* [Task]
With both ends included, repeat exactly the lines of the entries below from the one containing "#530=VECTOR('',#9609,1.);" down to the one containing "#7978=AXIS2_PLACEMENT_3D('',#12172,#9610,#9611);", and no others.

* [Excerpted records]
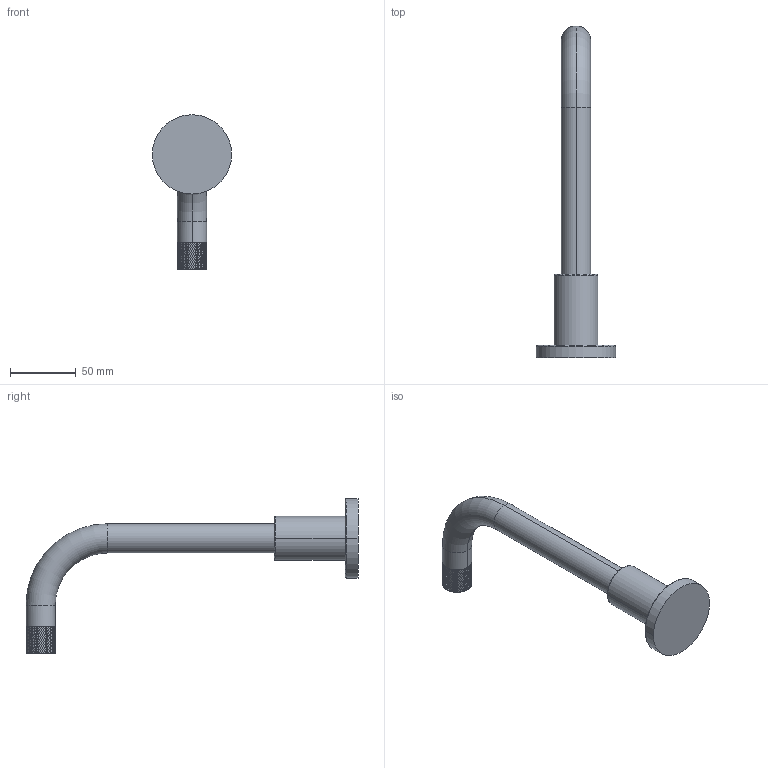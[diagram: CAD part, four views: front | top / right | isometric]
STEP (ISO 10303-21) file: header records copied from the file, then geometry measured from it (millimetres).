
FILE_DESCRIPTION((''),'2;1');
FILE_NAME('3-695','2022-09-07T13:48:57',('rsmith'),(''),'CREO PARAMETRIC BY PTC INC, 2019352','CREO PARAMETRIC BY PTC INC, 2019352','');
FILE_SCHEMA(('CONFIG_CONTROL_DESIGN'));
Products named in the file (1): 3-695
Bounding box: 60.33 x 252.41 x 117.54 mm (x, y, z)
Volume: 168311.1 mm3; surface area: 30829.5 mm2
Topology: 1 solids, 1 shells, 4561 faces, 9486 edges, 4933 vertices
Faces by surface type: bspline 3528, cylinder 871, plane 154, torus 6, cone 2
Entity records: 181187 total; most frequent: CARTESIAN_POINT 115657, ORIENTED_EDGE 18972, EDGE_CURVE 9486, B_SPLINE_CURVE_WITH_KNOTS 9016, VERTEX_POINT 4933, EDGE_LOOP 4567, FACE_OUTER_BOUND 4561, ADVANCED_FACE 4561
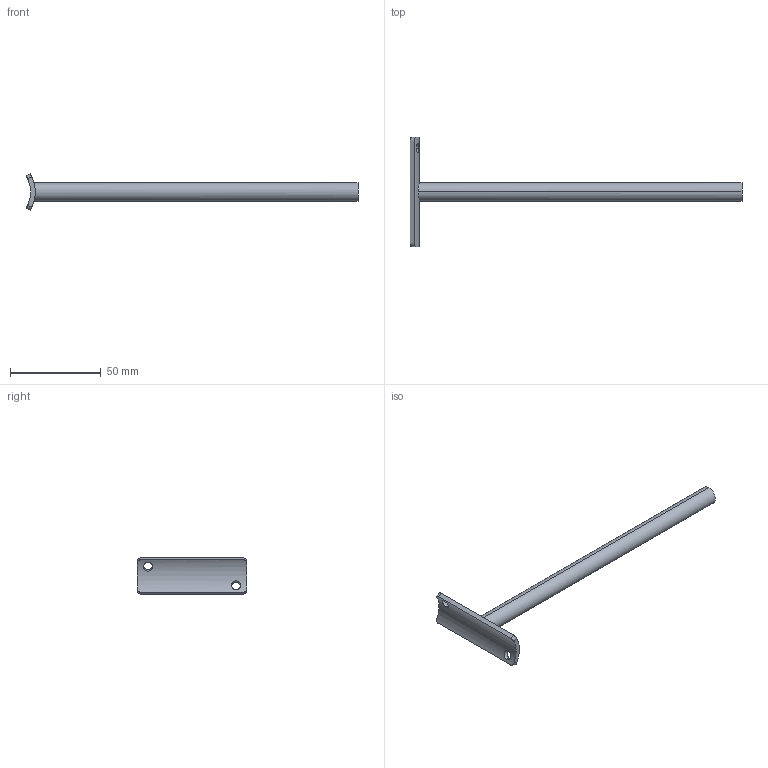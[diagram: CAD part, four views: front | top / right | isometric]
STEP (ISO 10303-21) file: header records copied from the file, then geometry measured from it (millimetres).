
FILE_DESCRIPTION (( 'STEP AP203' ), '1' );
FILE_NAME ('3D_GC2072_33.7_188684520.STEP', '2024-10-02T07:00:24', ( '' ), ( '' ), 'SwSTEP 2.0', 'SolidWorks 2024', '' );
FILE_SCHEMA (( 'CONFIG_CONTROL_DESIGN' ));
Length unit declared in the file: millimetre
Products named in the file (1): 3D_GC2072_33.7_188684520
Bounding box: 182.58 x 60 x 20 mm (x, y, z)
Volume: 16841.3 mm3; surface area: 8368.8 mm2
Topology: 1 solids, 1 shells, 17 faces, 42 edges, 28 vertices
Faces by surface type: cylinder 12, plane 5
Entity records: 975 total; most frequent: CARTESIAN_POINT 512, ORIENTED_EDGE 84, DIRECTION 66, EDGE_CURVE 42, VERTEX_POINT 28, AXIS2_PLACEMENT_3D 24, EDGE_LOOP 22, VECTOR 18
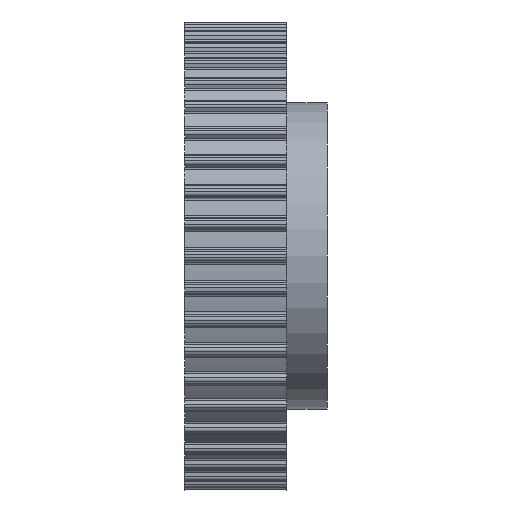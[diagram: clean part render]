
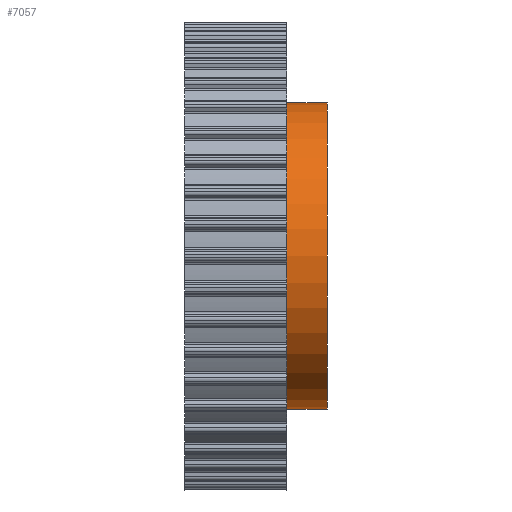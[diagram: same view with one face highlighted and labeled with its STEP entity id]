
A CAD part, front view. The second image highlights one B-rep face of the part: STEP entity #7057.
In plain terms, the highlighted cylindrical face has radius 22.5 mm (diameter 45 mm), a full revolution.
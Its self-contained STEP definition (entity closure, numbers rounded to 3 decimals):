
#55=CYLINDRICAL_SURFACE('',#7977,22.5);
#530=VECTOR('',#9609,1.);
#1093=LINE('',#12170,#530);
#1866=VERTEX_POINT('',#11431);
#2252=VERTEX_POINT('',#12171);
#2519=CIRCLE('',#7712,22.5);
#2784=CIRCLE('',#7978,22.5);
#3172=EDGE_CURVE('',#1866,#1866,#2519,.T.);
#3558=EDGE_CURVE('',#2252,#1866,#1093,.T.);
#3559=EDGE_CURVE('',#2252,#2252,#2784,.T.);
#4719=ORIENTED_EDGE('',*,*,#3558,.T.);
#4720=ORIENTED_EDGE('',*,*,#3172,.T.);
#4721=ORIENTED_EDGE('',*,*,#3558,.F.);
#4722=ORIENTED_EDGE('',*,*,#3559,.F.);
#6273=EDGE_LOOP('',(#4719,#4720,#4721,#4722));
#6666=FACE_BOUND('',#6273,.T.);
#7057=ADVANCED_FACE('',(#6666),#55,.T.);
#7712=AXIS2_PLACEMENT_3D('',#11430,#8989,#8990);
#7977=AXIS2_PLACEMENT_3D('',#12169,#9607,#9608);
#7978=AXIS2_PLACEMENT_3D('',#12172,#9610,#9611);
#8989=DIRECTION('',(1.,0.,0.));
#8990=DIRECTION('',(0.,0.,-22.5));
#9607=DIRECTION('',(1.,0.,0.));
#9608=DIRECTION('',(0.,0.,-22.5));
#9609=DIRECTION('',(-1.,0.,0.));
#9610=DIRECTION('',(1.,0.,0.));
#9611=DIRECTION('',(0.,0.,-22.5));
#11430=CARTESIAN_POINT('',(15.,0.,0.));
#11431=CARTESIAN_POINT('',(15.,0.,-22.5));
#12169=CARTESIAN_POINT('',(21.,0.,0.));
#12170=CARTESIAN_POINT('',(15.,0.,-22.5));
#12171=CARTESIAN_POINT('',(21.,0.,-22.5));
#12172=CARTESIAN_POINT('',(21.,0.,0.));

* [Solution for this problem]
#530=VECTOR('',#9609,1.);
#1093=LINE('',#12170,#530);
#1866=VERTEX_POINT('',#11431);
#2252=VERTEX_POINT('',#12171);
#2519=CIRCLE('',#7712,22.5);
#2784=CIRCLE('',#7978,22.5);
#3172=EDGE_CURVE('',#1866,#1866,#2519,.T.);
#3558=EDGE_CURVE('',#2252,#1866,#1093,.T.);
#3559=EDGE_CURVE('',#2252,#2252,#2784,.T.);
#4719=ORIENTED_EDGE('',*,*,#3558,.T.);
#4720=ORIENTED_EDGE('',*,*,#3172,.T.);
#4721=ORIENTED_EDGE('',*,*,#3558,.F.);
#4722=ORIENTED_EDGE('',*,*,#3559,.F.);
#6273=EDGE_LOOP('',(#4719,#4720,#4721,#4722));
#6666=FACE_BOUND('',#6273,.T.);
#7057=ADVANCED_FACE('',(#6666),#55,.T.);
#7712=AXIS2_PLACEMENT_3D('',#11430,#8989,#8990);
#7977=AXIS2_PLACEMENT_3D('',#12169,#9607,#9608);
#7978=AXIS2_PLACEMENT_3D('',#12172,#9610,#9611);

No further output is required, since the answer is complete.